Losing our religion

While Kimball says most of his students still respect religious organizations as a power to do good in the world, it's often their stands on social issues - abortion and gay rights in particular - that he feels are driving the young away.

"The vast majority of students, even people coming out of pretty traditional religious backgrounds, don't see these as a big deal. They don't get, what's the issue here, don't understand it," Kimball said. "You can see a real clear shift away from dogmatism there."

We gathered a few of his students together. All said they believe in God, but agreed organized religion has largely failed to adapt to a changing culture.

Carleigh Houghtling, who grew up a conservative Christian, said, "I don't understand, like, how a loving God can send people to Hell. I'm pretty sure if I disobeyed my parents, they would not throw me in the fireplace," she laughed.

J.C. Fischer was raised Methodist, and still goes to church - but only about once a month. "There's so much, like, bureaucracy and rules and things that a church has to do that don't necessarily fit with the beliefs or the tenants that they preach," Fischer said.

Martha Fulton grew up Baptist, went to Catholic schools, and for the moment attends a Methodist church.

"While I wouldn't say that I am really strongly affiliated with the church I go to now, I do feel that I get something out of it," she said. "It's sort of like, when a person says they're single and looking rather than, just single and not ever hoping to find anything else."

There are plenty of alternatives for those looking to worship in a more individual way.

One of the most popular holiday services in New York City this time of year is a revival of the ancient solstice rituals, at the Cathedral of St. John the Divine.

Paul Winter leads the celebration: "The journey through the longest night is symbolic of the catharsis of coming through the dark night of the soul," he said.

And for those in Newtown, Conn., no night has ever been darker.

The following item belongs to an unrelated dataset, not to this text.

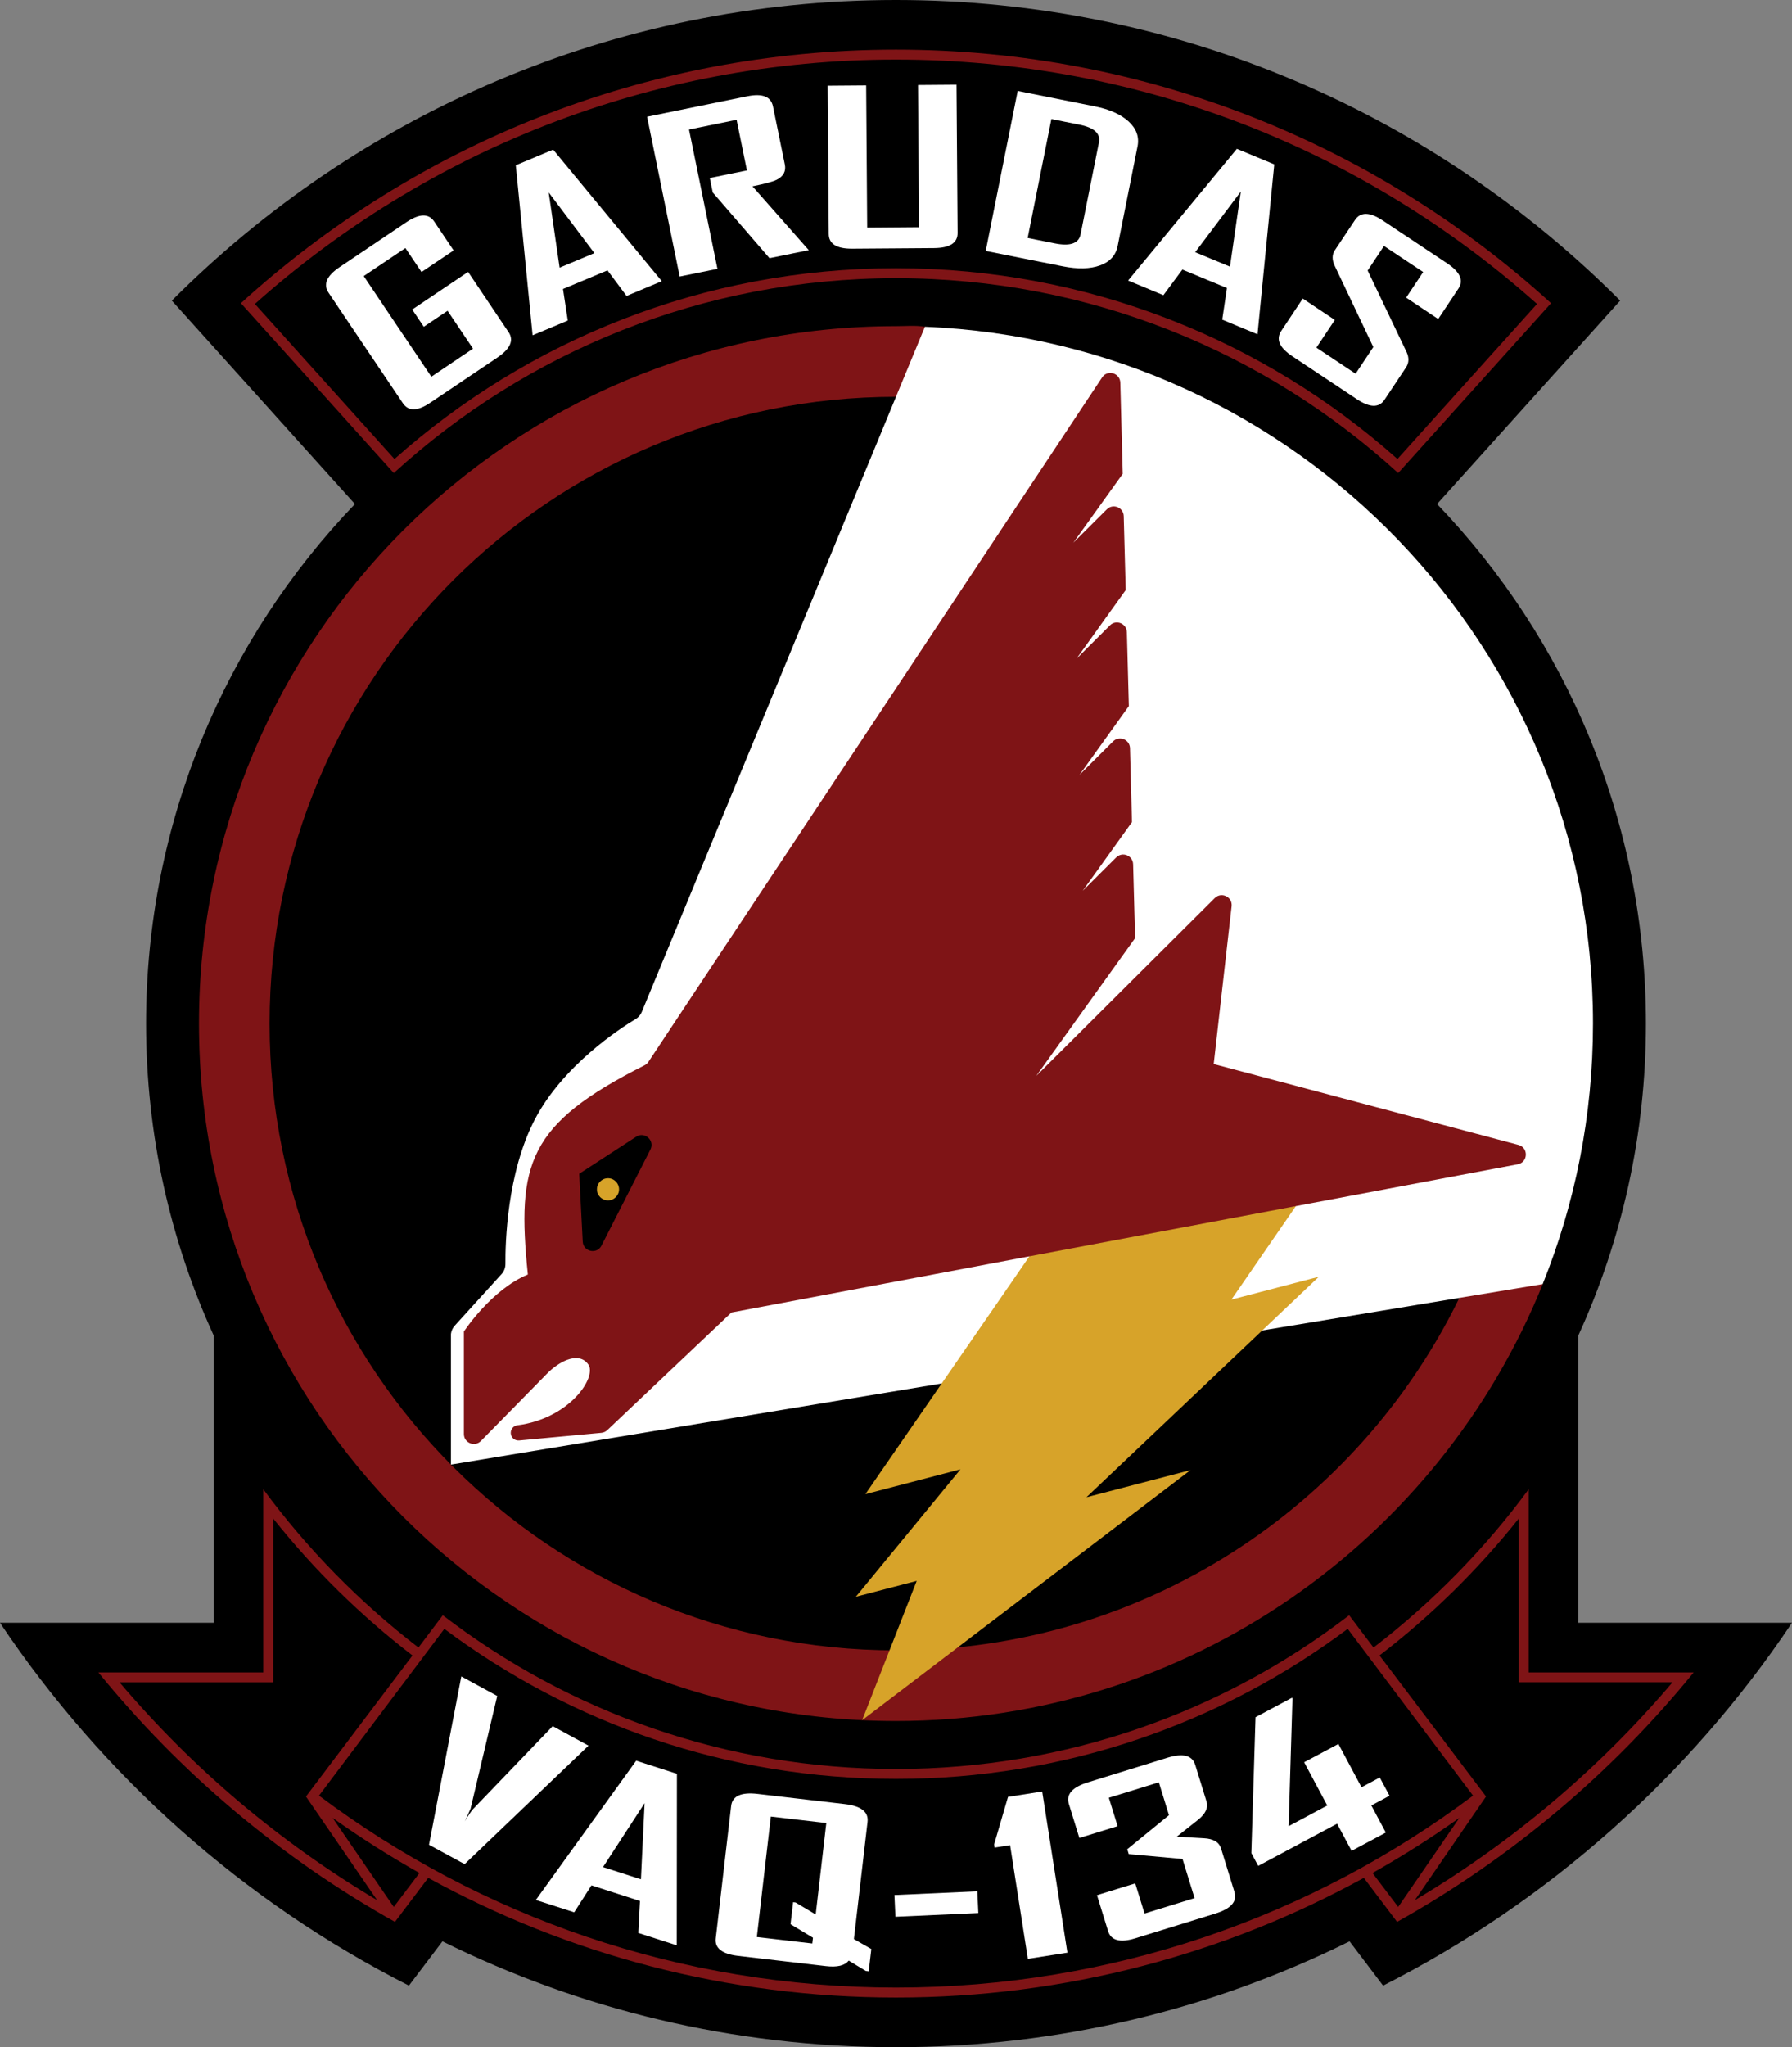 <?xml version="1.0" encoding="UTF-8"?><svg id="Layer_2" xmlns="http://www.w3.org/2000/svg" viewBox="0 0 361.15 412.33"><rect x="0" y="0" width="361.15" height="412.33" fill="#808080" stroke="none"/><defs><style>.cls-1{fill:#d7a329;}.cls-2{fill:#fff;}.cls-3{fill:#7f1416;}</style></defs><g id="Layer_1-2"><path d="m180.57,412.33c32.83,0,63.86-7.67,91.41-21.32l6.76,8.92c33.34-16.93,61.73-42.21,82.41-73.08h-43.07v-57.86c8.75-19.13,13.63-40.41,13.63-62.82,0-40.62-16.02-77.49-42.09-104.65l36.9-40.97C289.2,23.14,237.59,0,180.57,0S71.95,23.14,34.63,60.55l36.9,40.97c-26.07,27.16-42.09,64.03-42.09,104.65,0,22.41,4.88,43.69,13.63,62.82v57.86H0c20.68,30.88,49.06,56.16,82.41,73.08l6.76-8.92c27.55,13.65,58.58,21.32,91.41,21.32Z"/><path class="cls-3" d="m186.4,65.81c-1.91-.32-3.88-.12-5.83-.12-77.58,0-140.47,62.89-140.47,140.47s62.89,140.47,140.47,140.47c59.03,0,109.55-36.41,130.34-87.99l-124.51-192.83Zm107.71,195.6c-20.49,42.03-63.63,70.99-113.54,70.99-69.72,0-126.24-56.52-126.24-126.24s56.52-126.24,126.24-126.24l113.54,181.5Z"/><path class="cls-2" d="m118.6,351.59l-24.96,23.87-7.18-3.9,6.51-33.91,7.24,3.94-5.38,22.72c-.27.59-.65,1.45-1.16,2.57.29-.58.8-1.37,1.53-2.37l16.19-16.84,7.21,3.92Z"/><path class="cls-2" d="m136.38,391.81l-7.74-2.49.34-6.44-9.78-3.15-3.48,5.43-7.71-2.48.03-.08,20.17-27.98,8.21,2.64-.03,34.55Zm-7.21-13.31l.74-15.33-8.38,12.88,7.64,2.46Z"/><path class="cls-2" d="m175.06,397.04l-.56-.06-3.46-2.09c-.78,1.01-2.31,1.38-4.61,1.11l-17.69-2.06c-3.23-.38-4.73-1.56-4.49-3.55l3.1-26.65c.23-2,2-2.81,5.3-2.43l17.59,2.05c3.3.38,4.83,1.58,4.6,3.58l-2.75,23.61,3.51,2.01-.52,4.48Zm-11.35-5.61l.13-1.15-4.52-2.72.52-4.44.49.06,4.06,2.42,2.14-18.42-11.18-1.3-2.82,24.26,11.18,1.3Z"/><path class="cls-2" d="m197.17,385.31l-16.71.75-.2-4.38,16.71-.75.2,4.38Z"/><path class="cls-2" d="m215.12,393.29l-7.97,1.25-3.58-22.9-3.12.49-.1-.64,2.8-9.58,6.89-1.08,5.08,32.46Z"/><path class="cls-2" d="m248.78,381.08c.59,1.91-.69,3.35-3.84,4.33l-16.08,4.97c-3.1.96-4.95.48-5.54-1.43l-2.24-7.24,7.71-2.38,1.88,6.08,10.08-3.11-2.43-7.88-10.84-.98-.3-.98,8.41-6.86-2.04-6.62-10.08,3.11,1.77,5.72-7.71,2.38-2.12-6.86c-.59-1.93.69-3.38,3.87-4.36l15.98-4.94c3.15-.97,5.02-.5,5.62,1.43l2.28,7.38c.38,1.24-.19,2.48-1.72,3.7l-4.28,3.39,5.5.32c1.89.1,3.03.79,3.42,2.04l2.72,8.81Z"/><path class="cls-2" d="m280.05,361.67l-3.68,1.97,2.92,5.46-6.9,3.68-2.92-5.46-15.9,8.49-1.38-2.57.84-27.37,7.36-3.93c.05.09.08.14.09.17l-.78,25.7,7.79-4.16-4.66-8.72,6.9-3.68,4.66,8.72,3.68-1.97,1.97,3.69Z"/><path class="cls-2" d="m102.49,66.88c1.12,1.66.36,3.37-2.26,5.14l-13.54,9.11c-2.55,1.72-4.38,1.74-5.5.08l-14.98-22.26c-1.12-1.67-.38-3.39,2.22-5.14l13.46-9.05c2.62-1.76,4.5-1.81,5.62-.14l3.91,5.82-6.47,4.35-3.25-4.83-8.4,5.65,13.63,20.26,8.4-5.65-5.13-7.63-4.79,3.22-2.33-3.47,11.26-7.57,8.14,12.11Z"/><path class="cls-2" d="m133.37,56.64l-7.1,2.97-3.84-5.15-8.97,3.75.97,6.35-7.07,2.96-.03-.08-3.38-34.15,7.53-3.15,21.9,26.5Zm-13.58-5.66l-9.21-12.22,2.2,15.15,7.01-2.93Z"/><path class="cls-2" d="m163.01,50.38l-7.93,1.62-11.44-13.24-.59-2.9,7.48-1.53-2.08-10.2-9.59,1.96,5.73,28.06-7.61,1.55-6.57-32.19,20.18-4.12c3.06-.62,4.78.05,5.19,2.03l2.39,11.71c.28,1.36-.27,2.38-1.64,3.08-.74.37-2.36.8-4.88,1.32l11.36,12.87Z"/><path class="cls-2" d="m192.99,46.93c.01,2-1.57,3.01-4.75,3.04l-16.49.12c-3.14.02-4.72-.97-4.73-2.97l-.22-29.86,7.76-.06.21,28.64,10.45-.08-.21-28.64,7.76-.06.22,29.86Z"/><path class="cls-2" d="m225.25,49.54c-.38,1.89-1.56,3.2-3.56,3.92-1.99.72-4.5.78-7.51.18l-15.52-3.1,6.44-32.22,15.52,3.1c3.01.6,5.3,1.63,6.86,3.07,1.56,1.45,2.15,3.12,1.77,5.01l-4,20.03Zm-7.48-2.33l3.7-18.51c.36-1.8-.95-2.99-3.92-3.59l-5.66-1.13-4.78,23.95,5.46,1.09c3.1.62,4.83.02,5.2-1.81Z"/><path class="cls-2" d="m253.43,67.33l-7.11-2.95.95-6.36-8.98-3.72-3.83,5.16-7.08-2.94.03-.08,21.86-26.46,7.54,3.13-3.38,34.22Zm-5.55-13.62l2.19-15.14-9.2,12.23,7.02,2.91Z"/><path class="cls-2" d="m279.03,80.51c-1.11,1.67-2.97,1.63-5.58-.11l-13.01-8.65c-2.6-1.73-3.34-3.42-2.23-5.09l4.34-6.52,6.46,4.3-3.71,5.58,7.9,5.25,3.57-5.37-7.79-16.38c-.56-1.2-.54-2.24.04-3.12l4.05-6.08c1.12-1.68,2.97-1.65,5.57.07l13.01,8.65c2.61,1.74,3.37,3.44,2.27,5.09l-4.07,6.12-6.46-4.3,3.43-5.16-7.9-5.25-3.29,4.95,7.81,16.34c.57,1.18.54,2.24-.07,3.16l-4.34,6.52Z"/><path class="cls-2" d="m186.4,65.82l-57.06,138c-.24.59-.67,1.09-1.22,1.42-3.18,1.91-14.67,9.35-20.36,20.28-5.62,10.81-5.93,24.98-5.9,29.06,0,.75-.27,1.48-.78,2.03l-9.44,10.4c-.42.46-.69,1.05-.76,1.67v26.31l220.02-36.36c6.53-16.21,10.14-33.92,10.14-52.48,0-75.63-59.77-137.28-134.64-140.34Z"/><path class="cls-1" d="m261.18,242.9l-13.01,18.85,17.62-4.6-46.84,44.42,20.97-5.47-66.17,50.37,11-28.06-12.27,3.2,21.09-25.67-19.17,5,33.07-47.92c22.95-24.64,53.72-10.12,53.72-10.12Z"/><path class="cls-3" d="m226.24,95.47l-9.93,13.84,6.75-6.72c1.24-1.24,3.36-.39,3.41,1.36l.4,14.89-9.93,13.84,6.75-6.72c1.24-1.24,3.36-.39,3.41,1.36l.4,14.89-9.93,13.84,6.75-6.72c1.24-1.24,3.36-.39,3.41,1.36l.4,14.89-9.93,13.84,6.75-6.72c1.24-1.24,3.36-.39,3.41,1.36l.4,14.89-19.91,27.74,35.96-35.8c1.34-1.33,3.61-.24,3.4,1.64l-3.61,31.78,61.42,16.29c2.06.55,1.95,3.5-.14,3.9l-158.47,29.85-25.03,23.7c-.33.31-.74.5-1.19.54l-16.57,1.54c-.85.08-1.61-.55-1.68-1.41h0c-.07-.81.51-1.55,1.32-1.65,10.55-1.35,16.09-9.72,14.3-12.25s-5.36-.94-8,1.53l-13.64,13.88c-1.25,1.28-3.43.39-3.43-1.4v-20.64s5.49-8.43,12.89-11.49c-2.28-22.32-.03-30.28,23.52-42.14.31-.16.58-.39.77-.68l91.44-137.86c1.08-1.63,3.61-.9,3.67,1.05l.49,18.42Z"/><path d="m116.73,236.41l.71,13.67c.11,2.04,2.85,2.63,3.78.8l9.86-19.35c.93-1.82-1.16-3.7-2.87-2.58l-11.48,7.46Z"/><circle class="cls-1" cx="122.53" cy="239.54" r="2.23"/><path class="cls-3" d="m180.57,10c-50.84,0-97.17,19.34-132.02,51.07l30.81,34.21c26.69-24.38,62.22-39.24,101.21-39.24s74.52,14.87,101.21,39.24l30.81-34.21c-34.85-31.73-81.18-51.07-132.02-51.07Zm101.07,82.45c-26.87-23.9-62.28-38.42-101.07-38.42s-74.2,14.52-101.07,38.42l-28.13-31.23C85.7,30.61,130.96,12,180.57,12s94.87,18.6,129.19,49.22l-28.13,31.23Z"/><path class="cls-3" d="m308.08,336.84v-36.88c-8.87,12.04-19.41,22.78-31.27,31.87l-4.91-6.5c-25.3,19.42-56.97,30.96-91.33,30.96s-66.02-11.54-91.33-30.96l-4.91,6.5c-11.86-9.1-22.39-19.83-31.27-31.87v36.88H19.82c16.52,20.29,36.8,37.4,59.78,50.25l6.7-8.87c27.98,15.36,60.11,24.1,94.28,24.1s66.3-8.74,94.28-24.1l6.7,8.87c22.98-12.85,43.26-29.96,59.78-50.25h-33.25Zm-284,2h30.99v-32.98c8.19,10.29,17.62,19.56,28.06,27.57l-21.47,28.41,14.34,20.87c-19.66-11.67-37.2-26.53-51.91-43.87Zm55.28,45.24l-12.33-17.94c5.62,4,11.46,7.7,17.5,11.1l-5.17,6.84Zm101.21,16.24c-43.61,0-83.87-14.38-116.28-38.66l25.26-33.59c25.38,18.98,56.89,30.22,91.03,30.22s65.64-11.24,91.03-30.22l25.26,33.59c-32.41,24.28-72.67,38.66-116.28,38.66Zm96.04-23.08c6.04-3.4,11.88-7.1,17.5-11.1l-12.33,17.94-5.17-6.84Zm8.54,5.46l14.34-20.87-21.47-28.41c10.44-8.01,19.87-17.27,28.06-27.57v32.98h30.99c-14.71,17.34-32.25,32.2-51.91,43.87Z"/></g></svg>

"In dark times, like so many of our friends in Connecticut are having now, it's very hard to understand how we're going to reconcile that and how we'll come out the other side of it," Winter told Cowan. "But somewhere down deep, we hope that we'll have the optimism that we will overcome."

What is hope and optimism to some, is faith and answered prayers to others.

On this weekend in particular, as the conversation inevitably turns to the unimaginable in Connecticut, our thoughts of peace and human kindness bind us all as one.